_Records for this exercise_
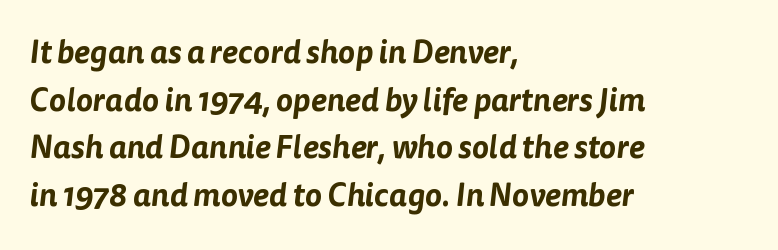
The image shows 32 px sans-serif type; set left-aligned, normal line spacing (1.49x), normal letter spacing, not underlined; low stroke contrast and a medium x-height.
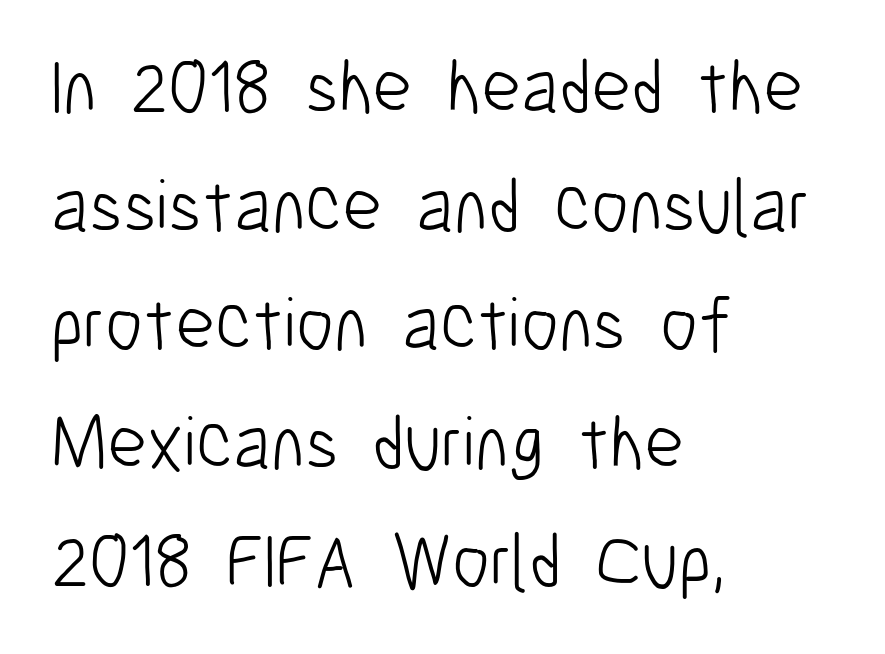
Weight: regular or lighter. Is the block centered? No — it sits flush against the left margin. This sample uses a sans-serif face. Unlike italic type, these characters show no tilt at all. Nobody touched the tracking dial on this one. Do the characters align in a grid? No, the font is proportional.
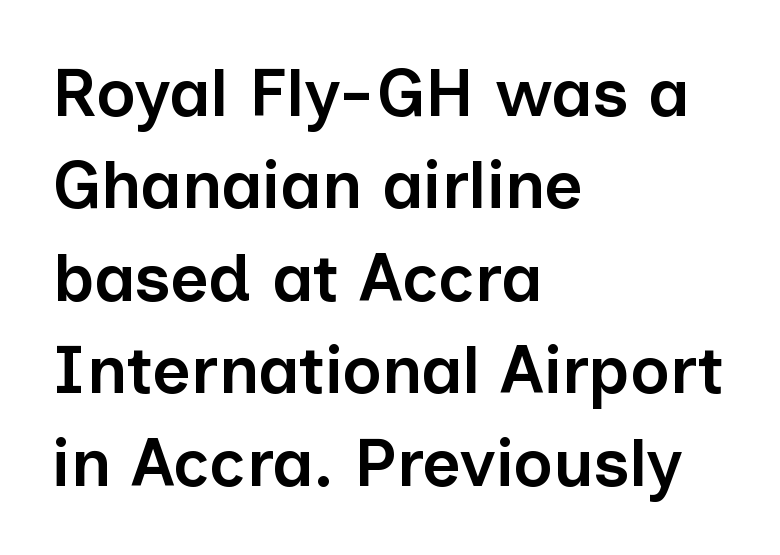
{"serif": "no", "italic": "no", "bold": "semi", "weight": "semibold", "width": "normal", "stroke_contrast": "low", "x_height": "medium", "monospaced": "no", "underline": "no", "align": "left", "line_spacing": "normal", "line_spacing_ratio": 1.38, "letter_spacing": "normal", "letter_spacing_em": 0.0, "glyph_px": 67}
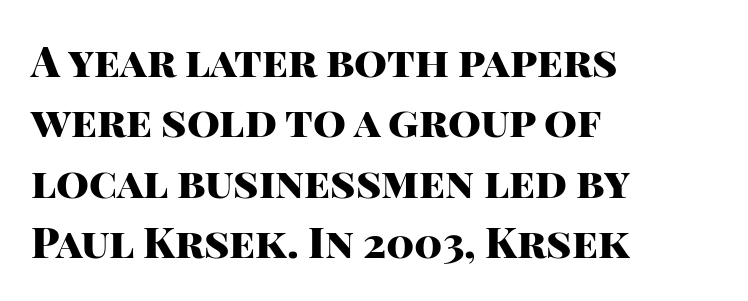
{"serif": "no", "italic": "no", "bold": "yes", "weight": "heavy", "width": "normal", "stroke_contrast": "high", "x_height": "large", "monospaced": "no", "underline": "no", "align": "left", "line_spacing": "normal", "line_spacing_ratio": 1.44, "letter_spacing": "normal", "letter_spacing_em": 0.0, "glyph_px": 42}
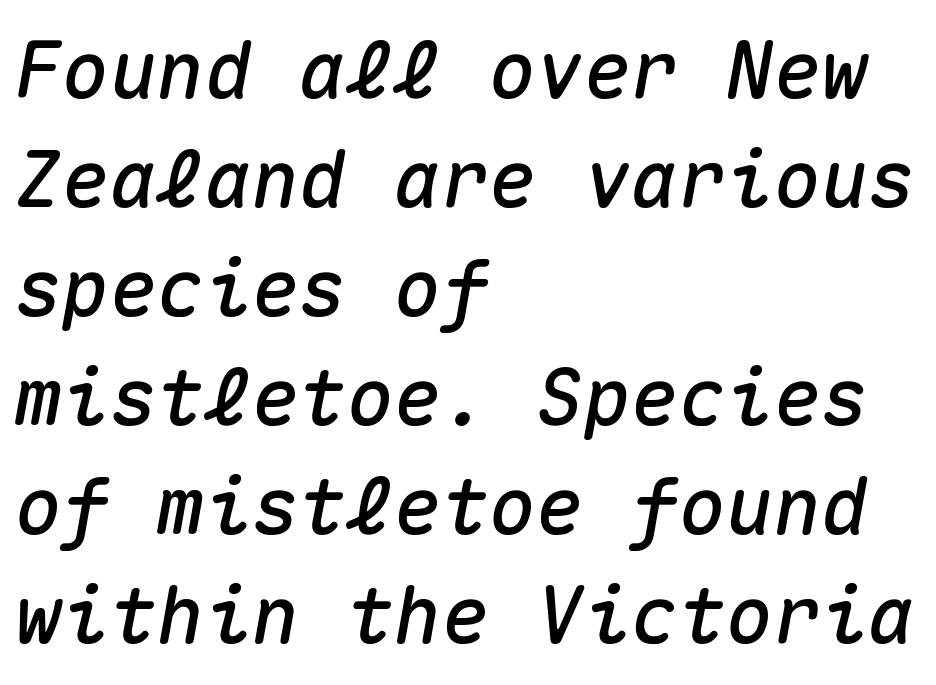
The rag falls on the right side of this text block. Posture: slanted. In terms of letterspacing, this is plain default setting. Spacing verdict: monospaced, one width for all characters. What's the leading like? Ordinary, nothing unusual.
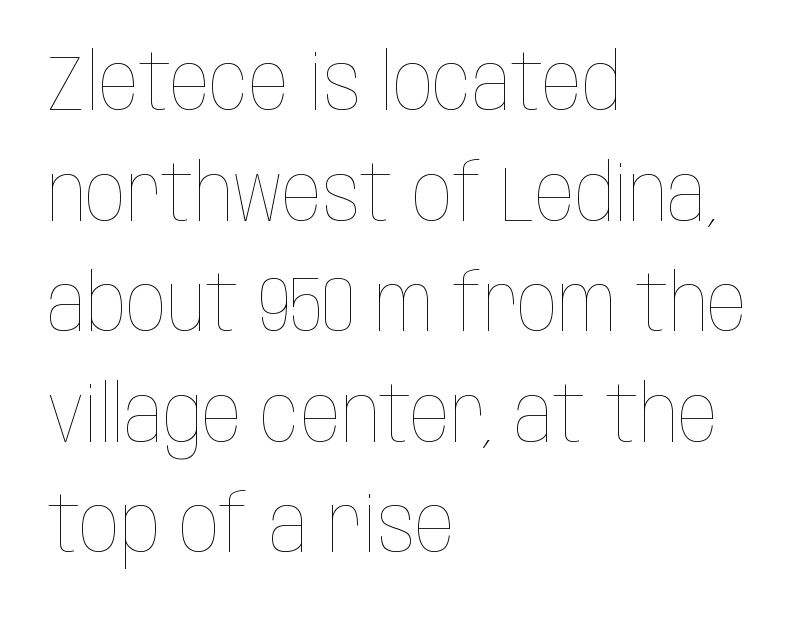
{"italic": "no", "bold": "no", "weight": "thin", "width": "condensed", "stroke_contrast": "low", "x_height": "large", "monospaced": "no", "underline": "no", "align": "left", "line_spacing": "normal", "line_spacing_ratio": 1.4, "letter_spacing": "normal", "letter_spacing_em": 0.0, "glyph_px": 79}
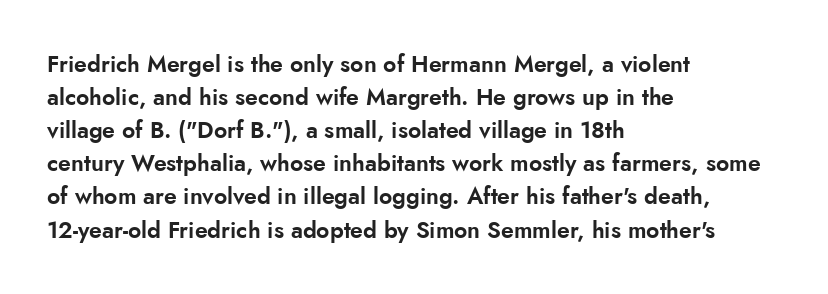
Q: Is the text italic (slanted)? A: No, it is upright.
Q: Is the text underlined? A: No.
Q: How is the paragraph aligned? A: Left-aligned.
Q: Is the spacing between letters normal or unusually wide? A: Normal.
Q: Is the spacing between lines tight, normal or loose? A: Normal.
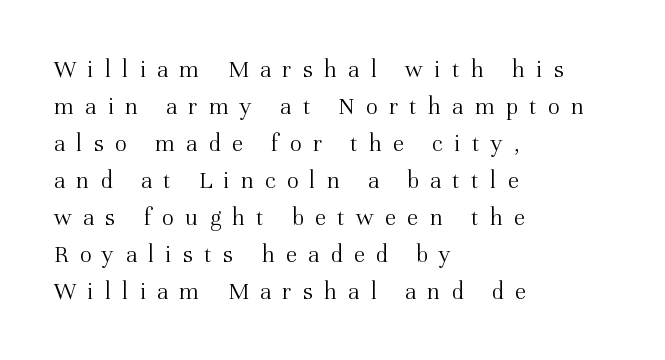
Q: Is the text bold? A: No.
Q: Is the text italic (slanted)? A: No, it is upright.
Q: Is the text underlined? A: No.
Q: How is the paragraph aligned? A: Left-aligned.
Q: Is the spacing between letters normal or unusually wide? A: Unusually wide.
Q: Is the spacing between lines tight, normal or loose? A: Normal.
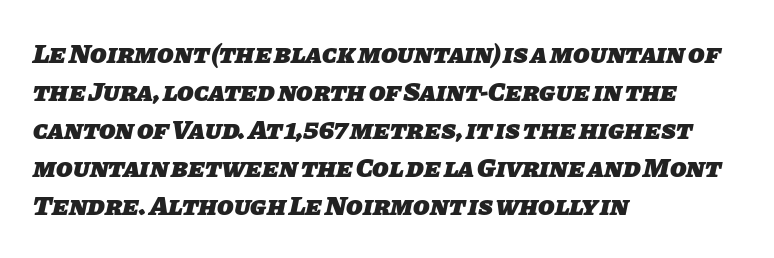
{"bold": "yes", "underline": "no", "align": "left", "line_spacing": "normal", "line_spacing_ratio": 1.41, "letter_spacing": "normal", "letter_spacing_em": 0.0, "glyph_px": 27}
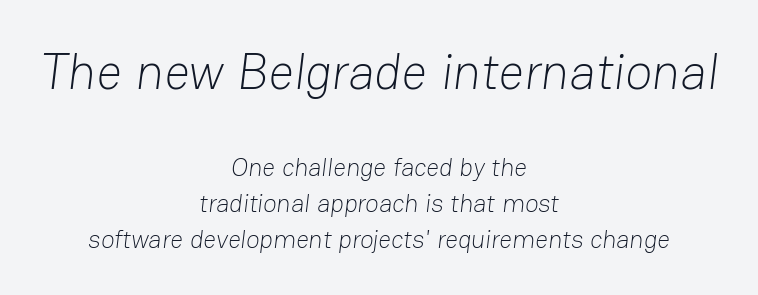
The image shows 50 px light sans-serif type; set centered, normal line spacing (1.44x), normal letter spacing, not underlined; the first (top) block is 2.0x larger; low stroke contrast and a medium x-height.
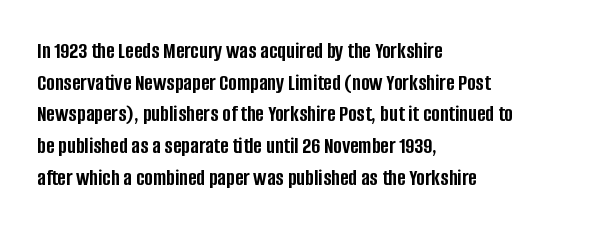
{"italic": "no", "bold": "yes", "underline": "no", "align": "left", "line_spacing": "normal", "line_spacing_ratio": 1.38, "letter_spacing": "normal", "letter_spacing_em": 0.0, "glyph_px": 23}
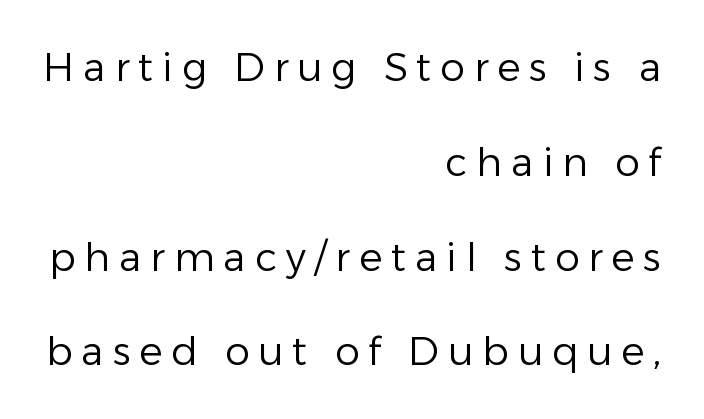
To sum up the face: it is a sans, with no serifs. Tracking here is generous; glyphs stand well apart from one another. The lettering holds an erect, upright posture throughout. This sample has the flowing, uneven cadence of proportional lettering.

_Problem to work on_
Check the material above line by line, and give only the number of lines holding the string "block".

_Solution for this problem_
3